Angle that mouse is moving at (in radians):

$\theta = \tan^{-1} \Bigl( \Delta y \div \Delta x \Bigr)$

Angular velocity: how fast the angle is changing

$\omega = \Delta \theta \div \Delta t$

Curvature: how fast a curve is changing direction at a given point

$\kappa = \omega \div v$



In [26]:
# finds change in each element, appends to list, and adds it to another DataFrame
def find_change_in(column):
    # store change in quantity
    change = []

    for i, x in enumerate(column):
        # skip first iteration because there is nothing before the first item in list
        if i == 0:
            continue

        final = column[i]
        initial = column[i-1]

        change.append(final - initial)
        
    # returns all change in quantities
    return pd.Series(change, dtype='float64')

In [27]:
def calculate_metrics(df):
    # create new dataframe to store calculations
    calc_col = ['Change in Time', 'Change in X', 'Change in Y', 'Horizontal Velocity', 'Vertical Velocity', 'Speed',
               'Acceleration', 'Jerk', 'Angle of Movement', 'Angular Velocity']
    calculations = pd.DataFrame(columns=calc_col)

    # find change in time, horizontal velocity, and vertical velocity
    calculations['Change in Time'] = find_change_in(df['Time Since Start of Test'])
    calculations['Change in X'] = find_change_in(df['Mouse X Position'])
    calculations['Change in Y'] = find_change_in(df['Mouse Y Position'])

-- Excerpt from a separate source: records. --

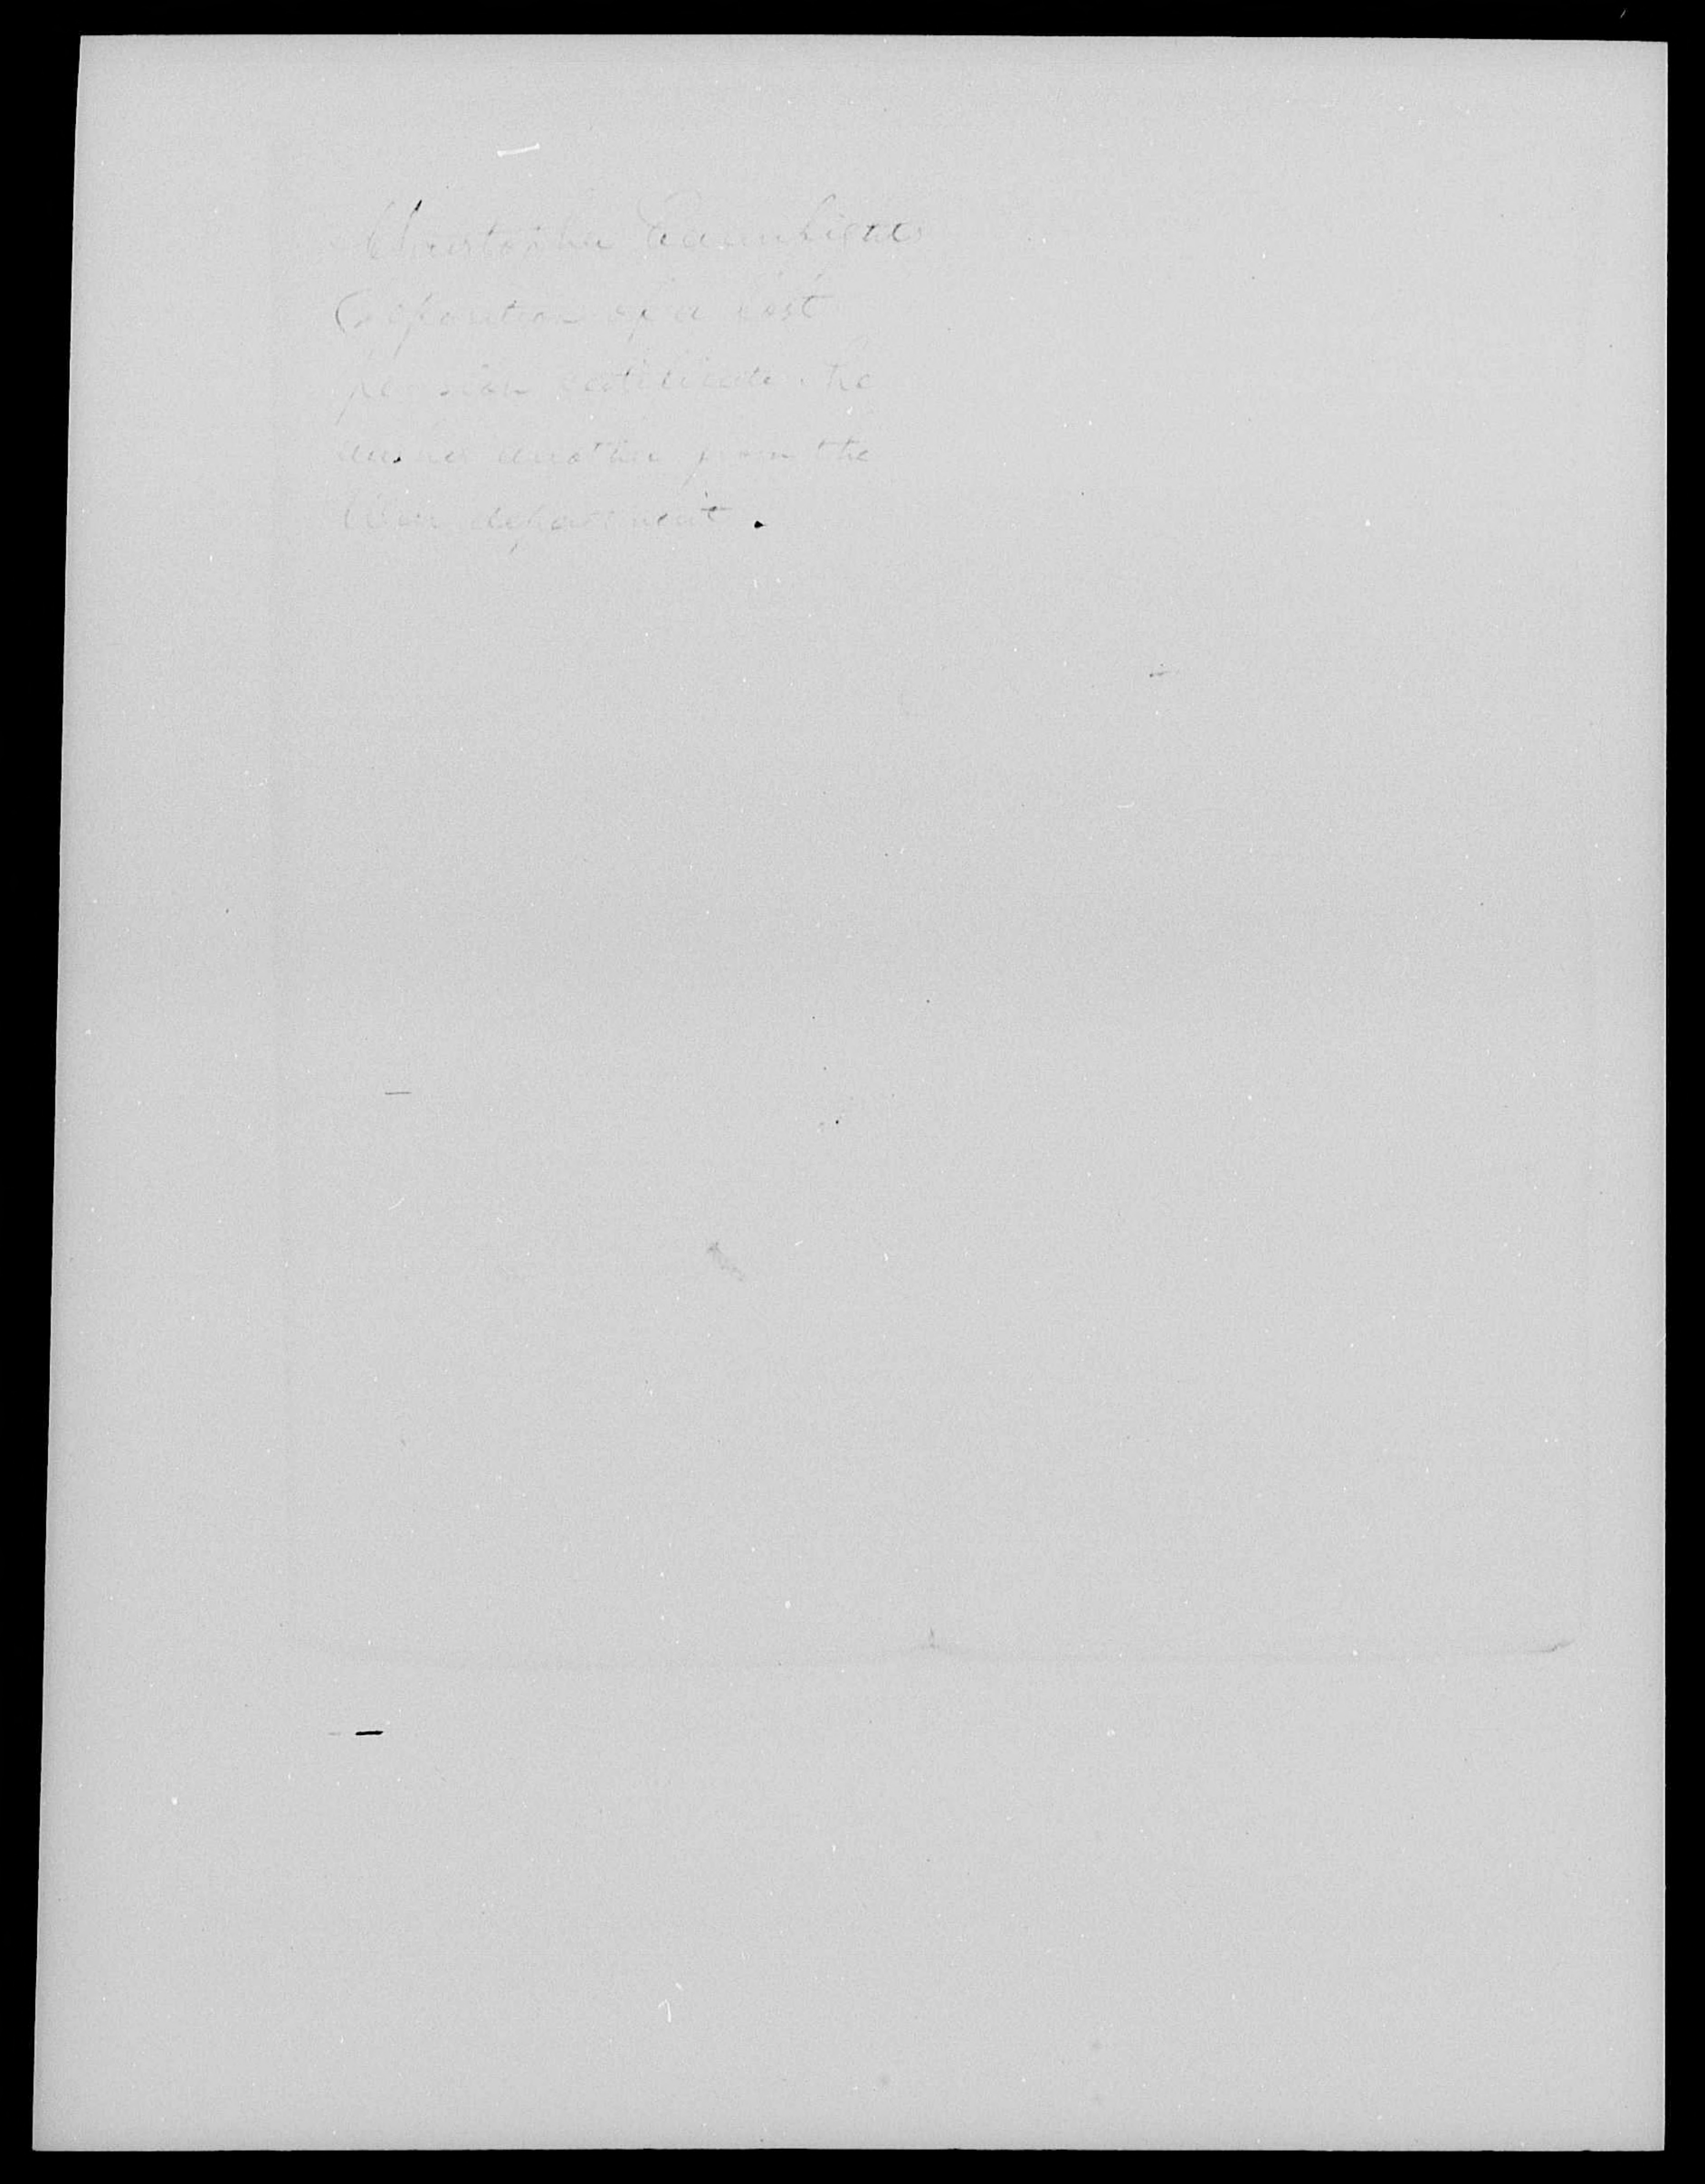Christopher Earenfight
[Calperation?] of a lost pension certificate
...another from the War Department

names: Christopher Earenfight
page: 19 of 21
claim: survivor's
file: S. 42691, Jacob Earenfight, Continental Ohio Residence And Agency

    # find speed and velocity components
    calculations['Horizontal Velocity'] = calculations['Change in X'] / calculations['Change in Time']
    calculations['Vertical Velocity'] = calculations['Change in Y'] / calculations['Change in Time']
    calculations['Speed'] = np.sqrt(calculations['Horizontal Velocity'] ** 2 + calculations['Vertical Velocity'] ** 2)

    #######

    # find acceleration
    change_in_speed = find_change_in(calculations['Speed'])
    calculations['Acceleration'] = change_in_speed / calculations['Change in Time'][:len(change_in_speed)]

    # find jerk
    change_in_acceleration = find_change_in(calculations['Acceleration'])
    calculations['Jerk'] = change_in_acceleration / calculations['Change in Time'][:len(change_in_acceleration)]

    #######

    # find angle that mouse was moved
    trig_ratios = calculations['Change in Y'] / calculations['Change in X']
    angles = []

    for i, x in enumerate(trig_ratios):
        angle = atan(x)
        # if angle is negative, make it positive
        if angle < 0:
            angle += 2 * pi
        angles.append(angle)
    calculations['Angle of Movement'] = angles

    # find angular velocity
    change_in_angles = find_change_in(calculations['Angle of Movement'])
    calculations['Angular Velocity'] = change_in_angles / calculations['Change in Time'][:len(change_in_angles)]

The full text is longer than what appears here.